[Stored records]
>>>>
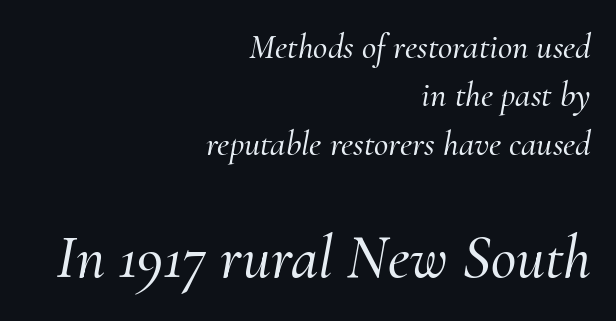
You could call the tracking neutral — neither tight nor loose. The leading is moderate, giving the passage an even texture. These lines are rendered in a variable-pitch font. The rag falls on the left side of this text block.
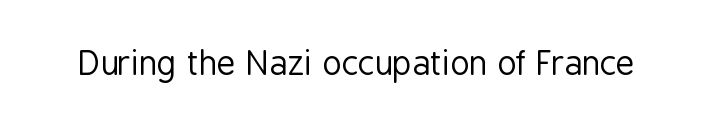
The image shows 33 px regular-weight, condensed sans-serif type, upright; set normal letter spacing, not underlined; low stroke contrast and a medium x-height.
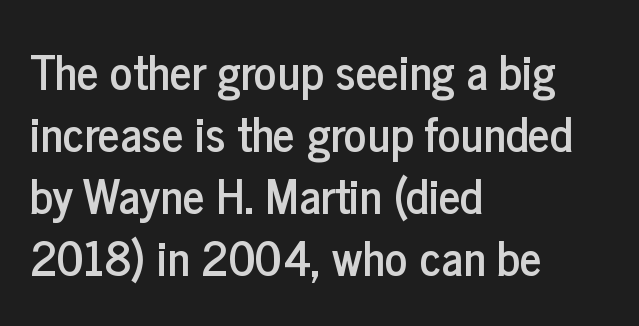
The image shows 47 px condensed sans-serif type, upright; set left-aligned, normal line spacing (1.32x), normal letter spacing, not underlined; low stroke contrast and a medium x-height.
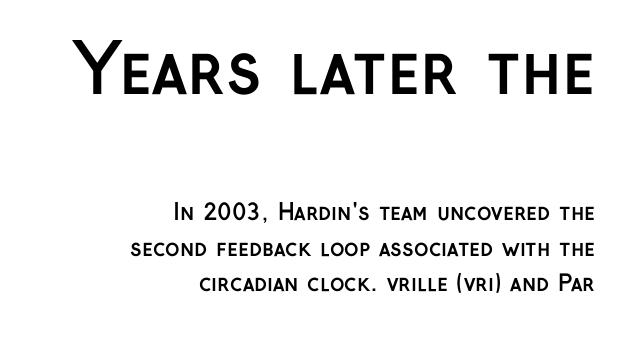
Two sizes are in play, and the larger belongs to the first block. Decoration check: the copy has no underline. Letter spacing: default. Each glyph is drawn with heavy, bold strokes. Italic? Not at all — the glyphs are vertical. Is this a fixed-width face? No — the glyphs have proportional, varying widths.
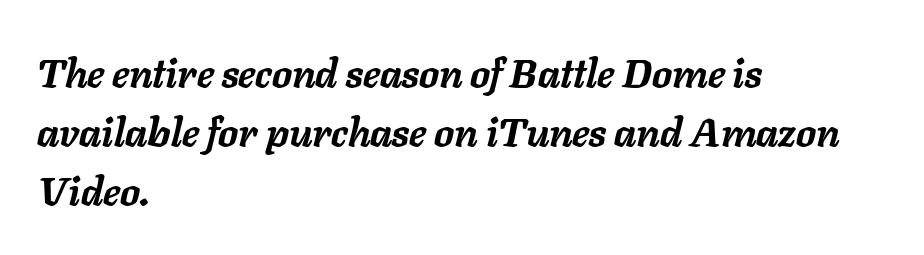
{"italic": "yes", "lean": "right", "slant_degrees": 11, "bold": "yes", "weight": "semibold", "width": "normal", "stroke_contrast": "low", "x_height": "medium", "monospaced": "no", "underline": "no", "align": "left", "line_spacing": "normal", "line_spacing_ratio": 1.47, "letter_spacing": "normal", "letter_spacing_em": 0.0, "glyph_px": 40}
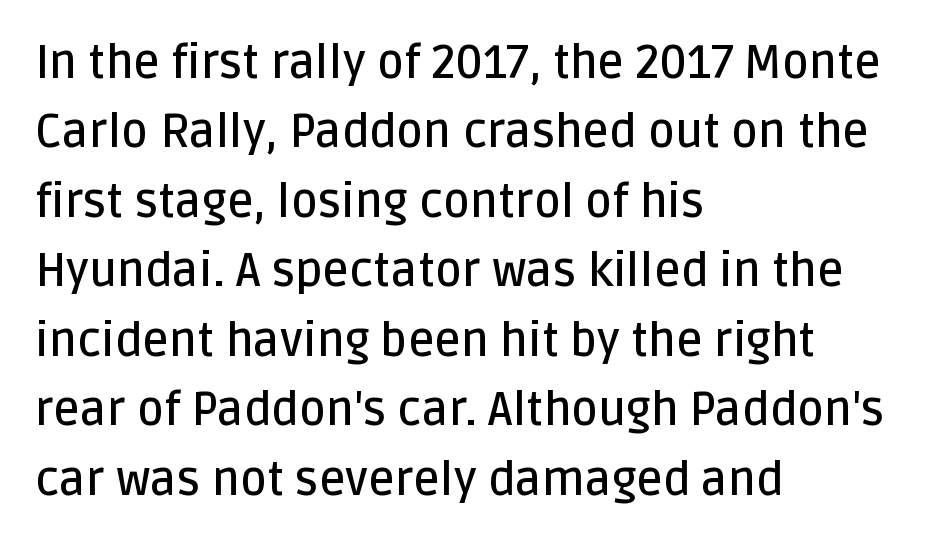
Q: Is the text bold? A: Semi-bold.
Q: Is the text italic (slanted)? A: No, it is upright.
Q: Is the typeface a serif or a sans-serif typeface? A: Sans-serif.
Q: Is the text underlined? A: No.
Q: How is the paragraph aligned? A: Left-aligned.
Q: Is the spacing between letters normal or unusually wide? A: Normal.
Q: Is the spacing between lines tight, normal or loose? A: Normal.
Q: Width (condensed, normal, or wide)? A: Normal.
Q: Stroke contrast? A: Low.
Q: x-height? A: Large.
Q: Monospaced? A: No.
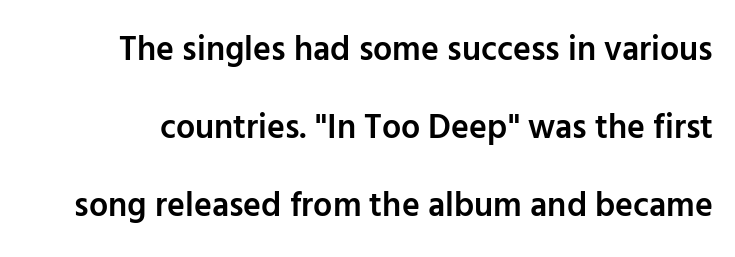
<<<<
- [WORK TO COMPLETE] Once you find the line that contains "Q: Is the text bold? A: Semi-bold.", reproduce it and every line after it through the end of the entries above, exactly as written, with no pictures.

- [EXERCISE OUTPUT]
Q: Is the text bold? A: Semi-bold.
Q: Is the text italic (slanted)? A: No, it is upright.
Q: Is the typeface a serif or a sans-serif typeface? A: Sans-serif.
Q: Is the text underlined? A: No.
Q: How is the paragraph aligned? A: Left-aligned.
Q: Is the spacing between letters normal or unusually wide? A: Normal.
Q: Is the spacing between lines tight, normal or loose? A: Normal.
Q: Width (condensed, normal, or wide)? A: Normal.
Q: Stroke contrast? A: Low.
Q: x-height? A: Large.
Q: Monospaced? A: No.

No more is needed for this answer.